The True History of Merlin the Magician
Anne Lawrence-Mathers
Yale University Press £25
(978-0-300-14489-5)
Church Times Bookshop £22.50 (Use code
CT517 )
UNRAVELLING the relationship between history and story is a hard
task at the best of times; when it comes to a character such as
Merlin, that task is further complicated by the difficulty, from
the 21st-century viewpoint, of closing the divide between
supernatural and natural, which was so much narrower 800 years
ago.
Anne Lawrence-Mathers acknowledges that medieval readers were
able to distinguish between the two sides of the divide: they did
not believe in the existence of Merlin because they were stupid or
credulous, but because theirs was a world with a history that had a
place for him, even as late as William Lilly's Merlinus
Anglicus of 1680. How, then, did this world operate, and what
was the space in it that had room for Merlin? Lawrence-Mathers
answers these questions, and, incidentally, teaches the reader much
about medieval history and medieval theories of astrology and
magic.
The chapters are thematic, including, for example, Merlin as
astrologer, magician, and - a late development - lover.

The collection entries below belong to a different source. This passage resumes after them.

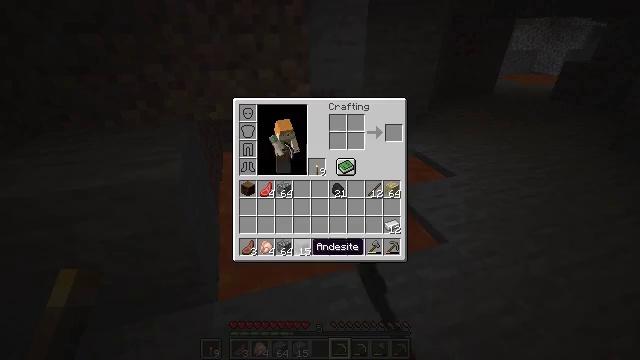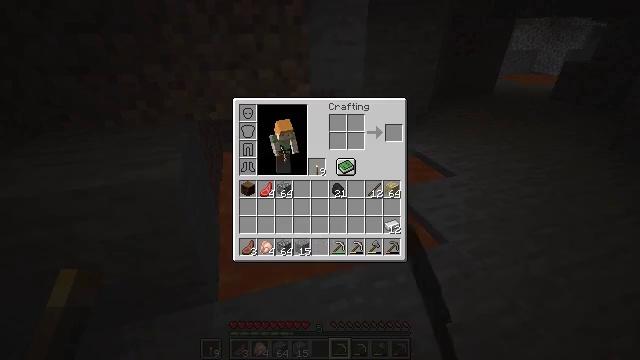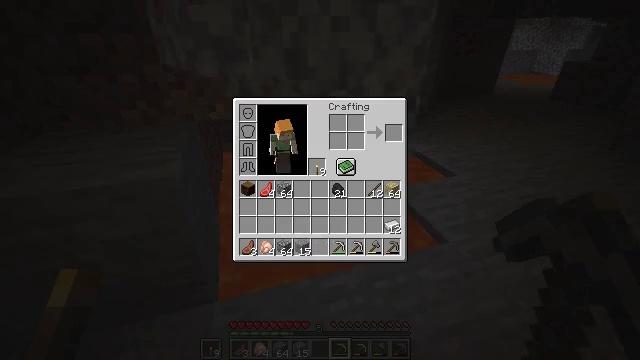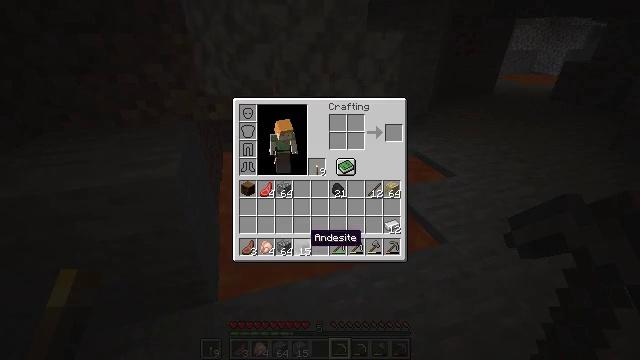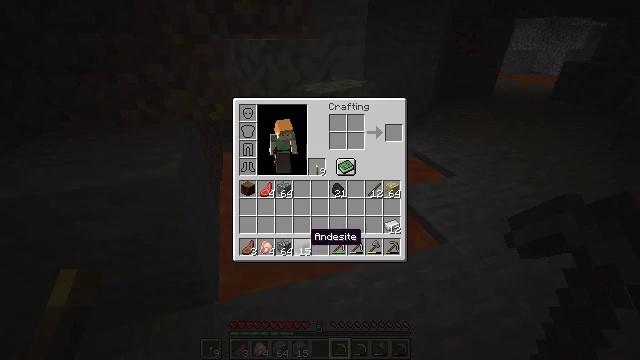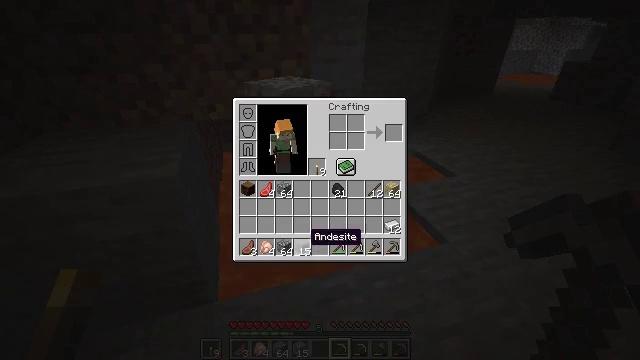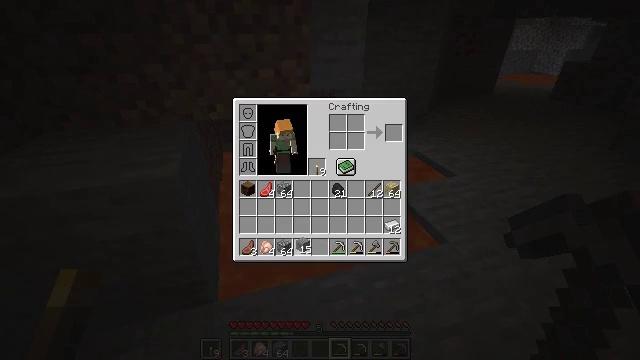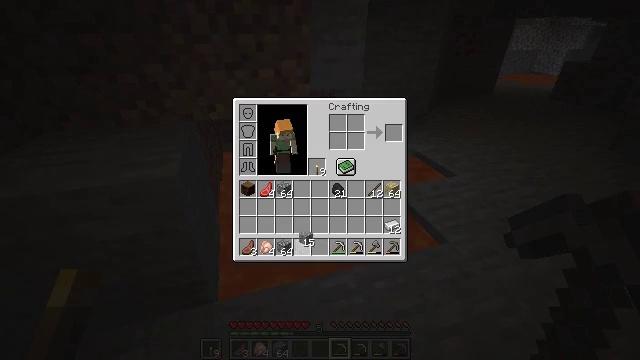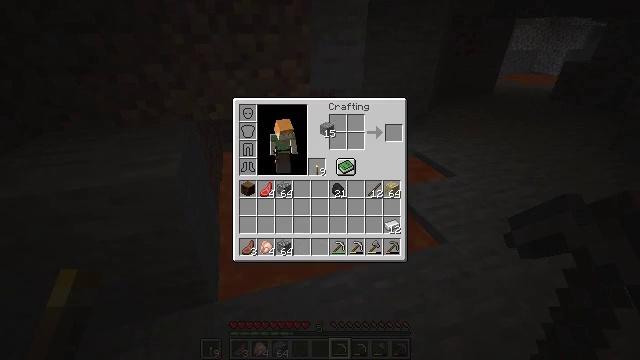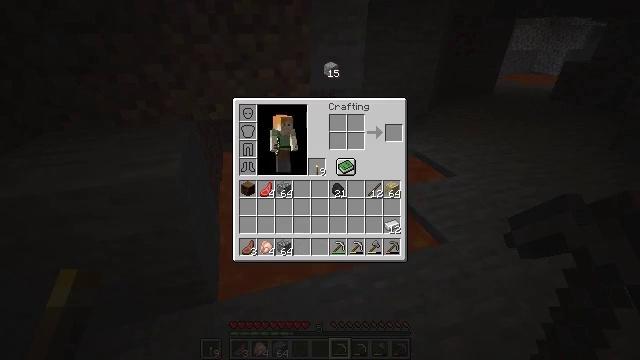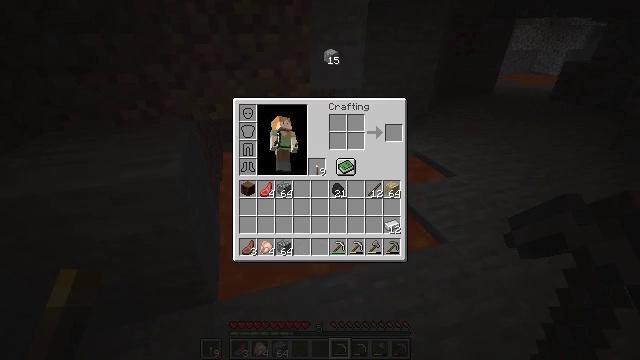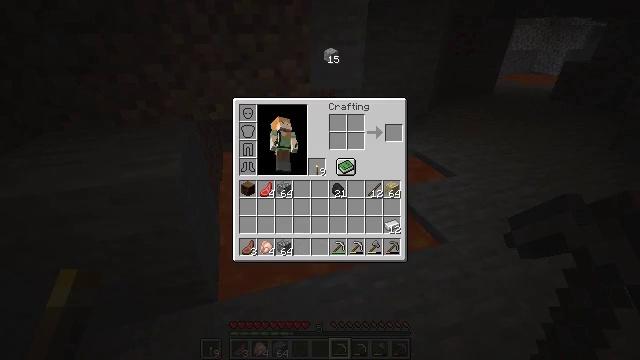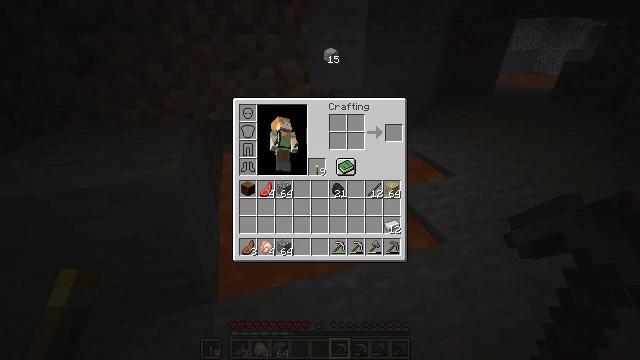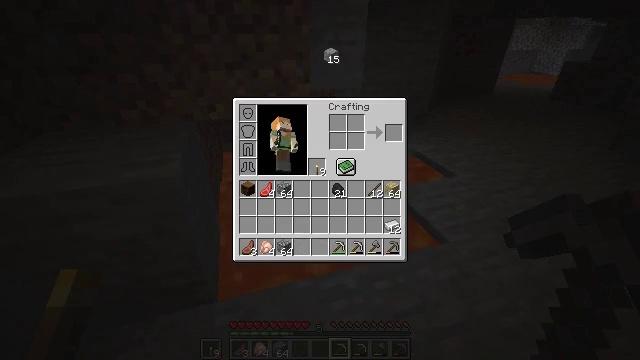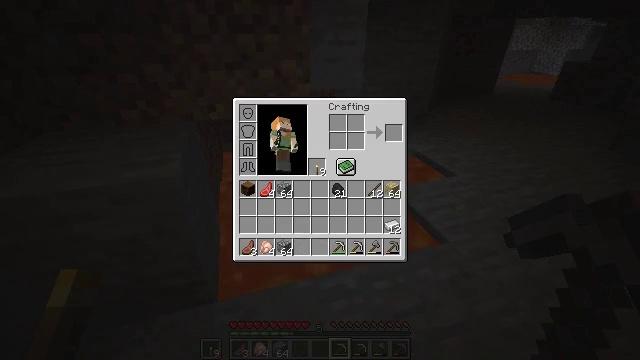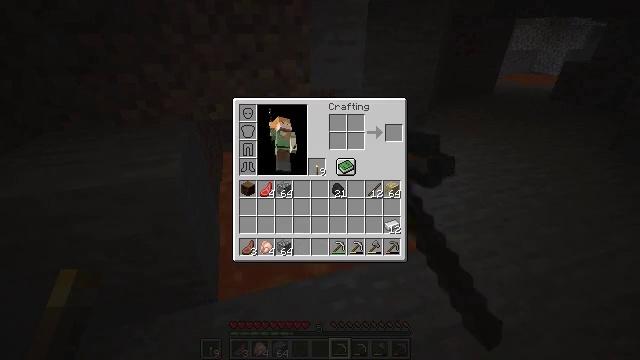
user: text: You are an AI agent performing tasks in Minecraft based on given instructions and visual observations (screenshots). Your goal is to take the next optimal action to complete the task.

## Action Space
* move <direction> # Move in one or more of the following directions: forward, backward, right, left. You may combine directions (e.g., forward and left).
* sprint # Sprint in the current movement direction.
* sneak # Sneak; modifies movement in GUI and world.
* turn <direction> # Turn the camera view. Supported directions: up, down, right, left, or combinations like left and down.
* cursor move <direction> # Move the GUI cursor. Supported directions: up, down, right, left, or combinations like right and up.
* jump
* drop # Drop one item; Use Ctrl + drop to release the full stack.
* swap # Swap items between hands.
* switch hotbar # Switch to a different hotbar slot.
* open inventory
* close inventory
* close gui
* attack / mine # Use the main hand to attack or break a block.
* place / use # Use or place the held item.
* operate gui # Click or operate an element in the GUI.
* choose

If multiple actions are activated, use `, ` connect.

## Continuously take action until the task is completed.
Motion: motion action
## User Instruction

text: Remove a block of andesite from the inventory.
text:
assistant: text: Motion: open gui
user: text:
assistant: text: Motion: no_op
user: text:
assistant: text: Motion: cursor move up
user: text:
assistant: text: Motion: no_op
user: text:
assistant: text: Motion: no_op
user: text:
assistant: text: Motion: operate gui
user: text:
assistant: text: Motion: cursor move up, operate gui
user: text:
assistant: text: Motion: cursor move right and up
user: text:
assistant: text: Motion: cursor move up
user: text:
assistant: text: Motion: cursor move up
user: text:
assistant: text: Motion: operate gui
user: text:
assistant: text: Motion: operate gui
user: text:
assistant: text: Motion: operate gui
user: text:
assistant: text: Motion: no_op
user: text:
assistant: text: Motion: no_op
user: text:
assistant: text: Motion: cursor move down
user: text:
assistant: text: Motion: cursor move left and down
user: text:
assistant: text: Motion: cursor move left and down
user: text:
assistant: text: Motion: no_op
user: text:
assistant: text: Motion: no_op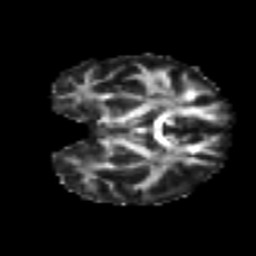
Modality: FA
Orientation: coronal
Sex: female
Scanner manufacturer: ge
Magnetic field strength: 3 T
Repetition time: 7 s
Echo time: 0.08 s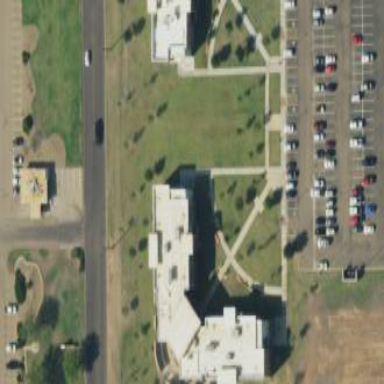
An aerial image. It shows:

Lawrence-Mathers is particularly effective when describing the
powerful combination of reality and danger which accompanied him,
even at a time when he was believed to be a genuine historical
figure.
In passing (it is perhaps something that could have been
enlarged on), she associates him with the classic
scholar-astrologer-magician group of which Pope Sylvester and
Michael Scot were also members, they themselves eventually
occupying a space in folklore as well as in reality. Merlin moved
in the other direction, from Geoffrey of Monmouth's Historia
Regum Britanniae to the Arthurian romances of Chrétien de
Troyes.
The book is written in an astringent, witty style, and is a
stimulating and informative read without being too abstruse. So
large is the collation of facts about Merlin and his history that
some points, inevitably, are made more than once, but this does not
detract from the book overall.
Perhaps the illustrations could be crisper: medieval
illuminations are remarkably uninteresting in monochrome. The
reproduction of a Julia Margaret Cameron photograph, however,
comes out very well.
Jane Stemp is librarian of the historic collections of the
Institute of Naval Medicine, and a children's author.